Purpose: Thirty percent of preoperative patients in general and up to 70% of patients at high risk suffer from postoperative nausea and vomiting (PONV). PONV can increase the patients's risk for aspiration, extended stay, increase financial burden to the patient and institution, increase the patient's discomfort, and decrease patient satisfaction. An evidence based protocol was developed to proactively promote a decrease or elimination of PONV in the perioperative setting.
Description: A collaborative perioperative team was formed. After reviewing extensive literature of the patient at risk for developing PONV (including surgical procedures, treatment modalities, and patient demographics) a risk scoring tool was developed. Points were assigned preoperatively for 8 identified risk factors such as patient gender, smoking history, type of surgical procedure, anesthesia type, procedure duration, use of post-op opioids, previous history of motion sickness or prior incidence of PONV. For each risk factor level identified, prophylactic strategies were defined, both pharmacological and nonpharmacological, that could be implemented to benefit the patient for a positive outcome. A physician order set was created to include the risk factor level, intravenous hydration, and medications categorized by drug class for utilization during the perioperative time frame. Prior to initiation, the protocol was approved by multiple hospital committees. Once approval was achieved, a copy of the order set, and risk and prophylaxis table were placed on every patient's chart for utilization by the anesthesia provider and the rest of the perioperative team.

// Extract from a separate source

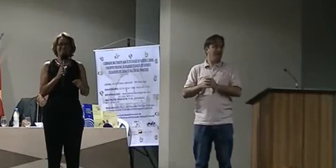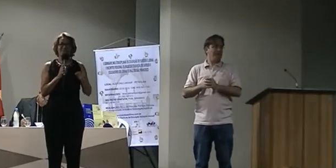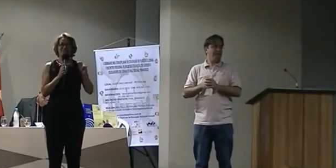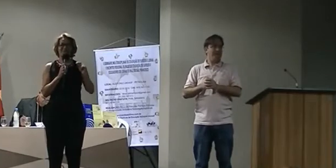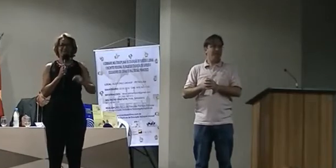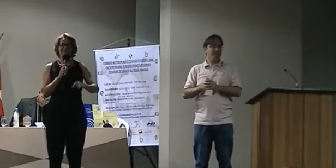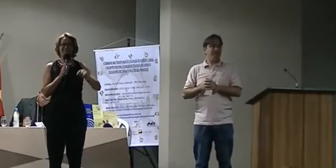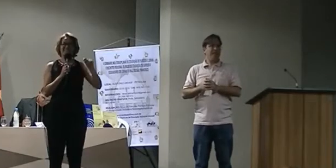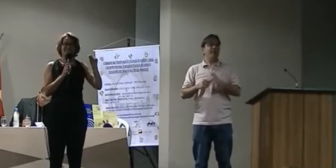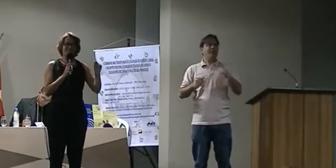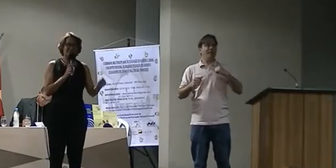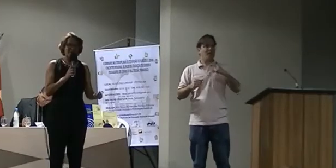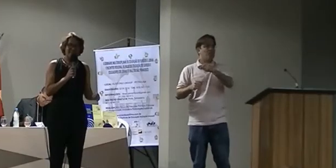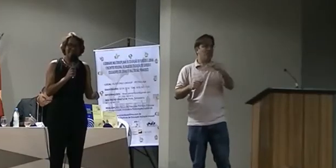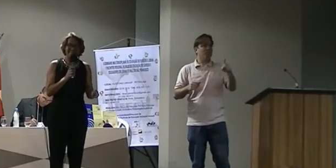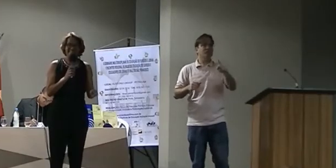Socorro Tavares e Socorro Amariz,

Evaluation/Outcomes: Through utilization of the evidence based protocol for PONV, patients were identified at risk for developing PONV and were treated prior to anesthesia administration. Monthly audits occur by the perioperative nursing team with known positive outcomes reported accordingly. A positive outcome identified for the preoperative severe risk patient for development of PONV is the preprocedure placement of a Scopolamine 1.5 mg. dermal patch. During an 18 month period, all high risk patients interviewed postprocedure denied incidence of PONV.